§ **TASK ITEM**
An exact copy of every record is needed, with the pictures left out.

Dataset entries:

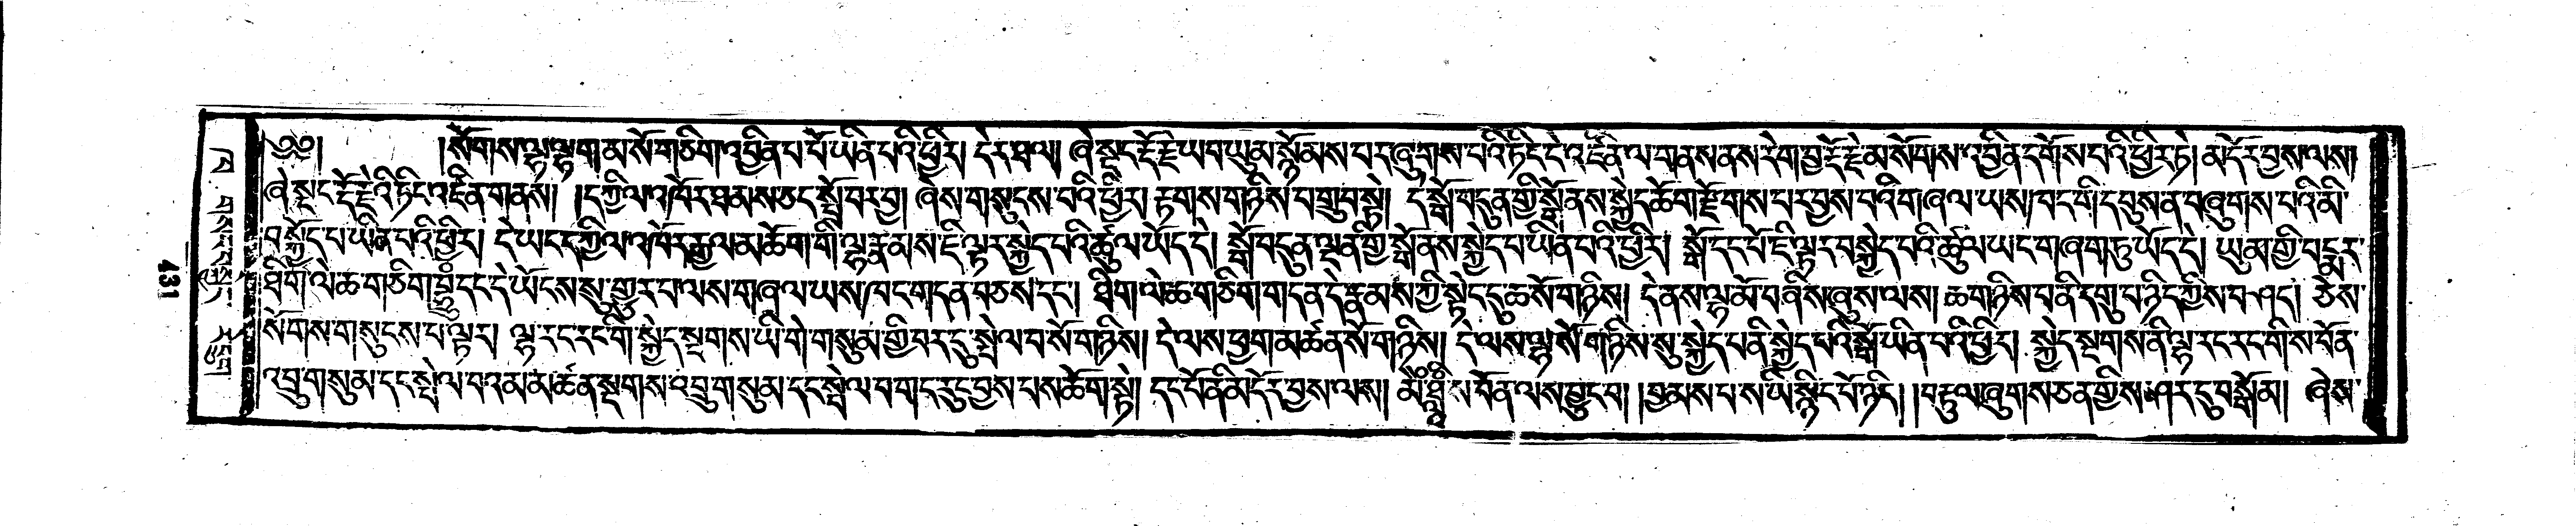༄༅། །སོགས་ལྷ་ལྷག་མ་སོ་གཅིག་འབྱིན་པ་པོ་ཡིན་པའི་ཕྱིར། དེར་ཐལ། ཞེ་སྡང་རྡོ་རྗེ་ཡབ་ཡུམ་སྙོམས་པར་ཞུགས་པའི་ཏིང་ངེ་འཛིན་ལ་གནས་ནས་རེག་བྱ་རྡོ་རྗེ་མ་སོགས་འབྱིན་དགོས་པའི་ཕྱིར་ཏེ། མདོར་བྱས་ལས།
ཞེ་སྡང་རྡོ་རྗེའི་ཏིང་འཛིན་གནས། །དཀྱིལ་འཁོར་ཐམས་ཅད་སྤྲོ་བར་བྱ། ཞེས་གསུངས་པའི་ཕྱིར། རྟགས་གཉིས་པ་གྲུབ་སྟེ། དེ་སྒོ་བདུན་གྱི་སྒོ་ནས་སྐྱེད་ཆོག་རྫོགས་པར་བྱས་པའི་གཞལ་ཡས་ཁང་གི་དབུས་ན་བཞུགས་པའི་མི་
བསྐྱོད་པ་ཡིན་པའི་ཕྱིར། དེ་ཡང་དཀྱིལ་འཁོར་རྒྱལ་མཆོག་གི་ལྷ་རྣམས་ཇི་ལྟར་སྐྱེད་པའི་ཚུལ་ཡོད་དེ། སྒོ་བདུན་ལྡན་གྱི་སྒོ་ནས་སྐྱེད་པ་ཡིན་པའི་ཕྱིར། སྒོ་དང་པོ་ཇི་ལྟར་བསྐྱེད་པའི་ཚུལ་ཡང་གཞག་ཏུ་ཡོད་དེ། ཡུམ་གྱི་པདམར་
ཐིག་ལེ་ཆ་གཅིག་བྷྲུཾ་དང་དེ་ཡོངས་སུ་གྱུར་པ་ལས་གཞལ་ཡས་ཁང་གདན་བཅས་དང་། ཐིག་ལེ་ཆ་གཅིག་གདན་དེ་རྣམས་ཀྱི་སྟེང་དུ་ཆ་སོ་གཉིས། དེ་ནས་ལྷ་མོ་བཞིས་ཞུས་ལས། ཆ་གཉིས་པ་ནི་དགུ་པ་ཉིད་ཀྱིས་བཤད། ཅེས་
སོགས་གསུངས་པ་ལྟར། ལྷ་རང་རང་གི་སྐྱེད་སྔགས་ཡི་གེ་གསུམ་གྱི་བར་དུ་སྤེལ་བ་སོ་གཉིས། དེ་ལས་ཕྱག་མཚན་སོ་གཉིས། དེ་ལས་ལྷ་སོ་གཉིས་སུ་སྐྱེད་པ་ནི་སྐྱེད་པའི་སྒོ་ཡིན་པའི་ཕྱིར། སྐྱེད་སྔགས་ནི་ལྷ་རང་རང་གི་ས་བོན་
འབྲུ་གསུམ་དང་སྤེལ་པའམ་མཚན་སྔགས་འབྲུ་གསུམ་དང་སྤེལ་བ་གང་རུང་བྱས་པས་ཆོག་སྟེ། དང་པོ་ནི་མདོར་བྱས་ལས། མཻཾ་ཐླཱིཾ་ས་བོན་ལས་བྱུང་བ། །བྱམས་པས་ཡི་སྙིང་པོ་ཉིད། །བརྟུལ་ཞུགས་ཅན་གྱིས་ཤར་དུ་བསྒོམ། ཞེས་

§ **TASK SOLUTION**
༄༅། །སོགས་ལྷ་ལྷག་མ་སོ་གཅིག་འབྱིན་པ་པོ་ཡིན་པའི་ཕྱིར། དེར་ཐལ། ཞེ་སྡང་རྡོ་རྗེ་ཡབ་ཡུམ་སྙོམས་པར་ཞུགས་པའི་ཏིང་ངེ་འཛིན་ལ་གནས་ནས་རེག་བྱ་རྡོ་རྗེ་མ་སོགས་འབྱིན་དགོས་པའི་ཕྱིར་ཏེ། མདོར་བྱས་ལས།
ཞེ་སྡང་རྡོ་རྗེའི་ཏིང་འཛིན་གནས། །དཀྱིལ་འཁོར་ཐམས་ཅད་སྤྲོ་བར་བྱ། ཞེས་གསུངས་པའི་ཕྱིར། རྟགས་གཉིས་པ་གྲུབ་སྟེ། དེ་སྒོ་བདུན་གྱི་སྒོ་ནས་སྐྱེད་ཆོག་རྫོགས་པར་བྱས་པའི་གཞལ་ཡས་ཁང་གི་དབུས་ན་བཞུགས་པའི་མི་
བསྐྱོད་པ་ཡིན་པའི་ཕྱིར། དེ་ཡང་དཀྱིལ་འཁོར་རྒྱལ་མཆོག་གི་ལྷ་རྣམས་ཇི་ལྟར་སྐྱེད་པའི་ཚུལ་ཡོད་དེ། སྒོ་བདུན་ལྡན་གྱི་སྒོ་ནས་སྐྱེད་པ་ཡིན་པའི་ཕྱིར། སྒོ་དང་པོ་ཇི་ལྟར་བསྐྱེད་པའི་ཚུལ་ཡང་གཞག་ཏུ་ཡོད་དེ། ཡུམ་གྱི་པདམར་
ཐིག་ལེ་ཆ་གཅིག་བྷྲུཾ་དང་དེ་ཡོངས་སུ་གྱུར་པ་ལས་གཞལ་ཡས་ཁང་གདན་བཅས་དང་། ཐིག་ལེ་ཆ་གཅིག་གདན་དེ་རྣམས་ཀྱི་སྟེང་དུ་ཆ་སོ་གཉིས། དེ་ནས་ལྷ་མོ་བཞིས་ཞུས་ལས། ཆ་གཉིས་པ་ནི་དགུ་པ་ཉིད་ཀྱིས་བཤད། ཅེས་
སོགས་གསུངས་པ་ལྟར། ལྷ་རང་རང་གི་སྐྱེད་སྔགས་ཡི་གེ་གསུམ་གྱི་བར་དུ་སྤེལ་བ་སོ་གཉིས། དེ་ལས་ཕྱག་མཚན་སོ་གཉིས། དེ་ལས་ལྷ་སོ་གཉིས་སུ་སྐྱེད་པ་ནི་སྐྱེད་པའི་སྒོ་ཡིན་པའི་ཕྱིར། སྐྱེད་སྔགས་ནི་ལྷ་རང་རང་གི་ས་བོན་
འབྲུ་གསུམ་དང་སྤེལ་པའམ་མཚན་སྔགས་འབྲུ་གསུམ་དང་སྤེལ་བ་གང་རུང་བྱས་པས་ཆོག་སྟེ། དང་པོ་ནི་མདོར་བྱས་ལས། མཻཾ་ཐླཱིཾ་ས་བོན་ལས་བྱུང་བ། །བྱམས་པས་ཡི་སྙིང་པོ་ཉིད། །བརྟུལ་ཞུགས་ཅན་གྱིས་ཤར་དུ་བསྒོམ། ཞེས་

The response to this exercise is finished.